ACTION ITEM> The response should consist of every line below, unchanged.

DATA>
Segment Open
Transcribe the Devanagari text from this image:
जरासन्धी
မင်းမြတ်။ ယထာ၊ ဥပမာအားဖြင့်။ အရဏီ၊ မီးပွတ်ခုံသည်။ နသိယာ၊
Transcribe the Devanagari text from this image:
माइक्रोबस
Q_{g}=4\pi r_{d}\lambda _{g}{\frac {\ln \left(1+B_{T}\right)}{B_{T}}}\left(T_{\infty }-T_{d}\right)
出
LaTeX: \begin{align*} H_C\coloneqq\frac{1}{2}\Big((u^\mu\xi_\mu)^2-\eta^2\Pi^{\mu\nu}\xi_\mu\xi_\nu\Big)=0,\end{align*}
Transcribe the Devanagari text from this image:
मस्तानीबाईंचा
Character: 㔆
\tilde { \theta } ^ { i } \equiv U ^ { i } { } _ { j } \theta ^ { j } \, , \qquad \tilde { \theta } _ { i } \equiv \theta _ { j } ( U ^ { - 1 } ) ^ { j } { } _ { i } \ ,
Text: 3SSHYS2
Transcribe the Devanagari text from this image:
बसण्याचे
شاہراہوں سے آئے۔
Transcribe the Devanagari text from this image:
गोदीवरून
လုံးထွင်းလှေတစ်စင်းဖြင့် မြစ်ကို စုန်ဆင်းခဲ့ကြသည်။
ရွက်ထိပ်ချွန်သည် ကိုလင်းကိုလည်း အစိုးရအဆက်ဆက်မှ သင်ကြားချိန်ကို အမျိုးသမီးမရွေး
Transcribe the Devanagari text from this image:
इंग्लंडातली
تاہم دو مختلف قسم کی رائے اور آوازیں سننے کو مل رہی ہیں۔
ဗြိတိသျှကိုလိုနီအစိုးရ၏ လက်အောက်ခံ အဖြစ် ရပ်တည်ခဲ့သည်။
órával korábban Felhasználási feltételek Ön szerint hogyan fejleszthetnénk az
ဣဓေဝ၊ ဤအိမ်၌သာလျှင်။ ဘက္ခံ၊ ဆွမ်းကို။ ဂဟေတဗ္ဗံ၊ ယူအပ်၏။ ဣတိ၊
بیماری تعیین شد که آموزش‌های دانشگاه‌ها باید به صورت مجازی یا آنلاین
Segment Closed
COMPLETED EXERCISE>
Transcribe the Devanagari text from this image:
जरासन्धी
မင်းမြတ်။ ယထာ၊ ဥပမာအားဖြင့်။ အရဏီ၊ မီးပွတ်ခုံသည်။ နသိယာ၊
Transcribe the Devanagari text from this image:
माइक्रोबस
Q_{g}=4\pi r_{d}\lambda _{g}{\frac {\ln \left(1+B_{T}\right)}{B_{T}}}\left(T_{\infty }-T_{d}\right)
出
LaTeX: \begin{align*} H_C\coloneqq\frac{1}{2}\Big((u^\mu\xi_\mu)^2-\eta^2\Pi^{\mu\nu}\xi_\mu\xi_\nu\Big)=0,\end{align*}
Transcribe the Devanagari text from this image:
मस्तानीबाईंचा
Character: 㔆
\tilde { \theta } ^ { i } \equiv U ^ { i } { } _ { j } \theta ^ { j } \, , \qquad \tilde { \theta } _ { i } \equiv \theta _ { j } ( U ^ { - 1 } ) ^ { j } { } _ { i } \ ,
Text: 3SSHYS2
Transcribe the Devanagari text from this image:
बसण्याचे
شاہراہوں سے آئے۔
Transcribe the Devanagari text from this image:
गोदीवरून
လုံးထွင်းလှေတစ်စင်းဖြင့် မြစ်ကို စုန်ဆင်းခဲ့ကြသည်။
ရွက်ထိပ်ချွန်သည် ကိုလင်းကိုလည်း အစိုးရအဆက်ဆက်မှ သင်ကြားချိန်ကို အမျိုးသမီးမရွေး
Transcribe the Devanagari text from this image:
इंग्लंडातली
تاہم دو مختلف قسم کی رائے اور آوازیں سننے کو مل رہی ہیں۔
ဗြိတိသျှကိုလိုနီအစိုးရ၏ လက်အောက်ခံ အဖြစ် ရပ်တည်ခဲ့သည်။
órával korábban Felhasználási feltételek Ön szerint hogyan fejleszthetnénk az
ဣဓေဝ၊ ဤအိမ်၌သာလျှင်။ ဘက္ခံ၊ ဆွမ်းကို။ ဂဟေတဗ္ဗံ၊ ယူအပ်၏။ ဣတိ၊
بیماری تعیین شد که آموزش‌های دانشگاه‌ها باید به صورت مجازی یا آنلاین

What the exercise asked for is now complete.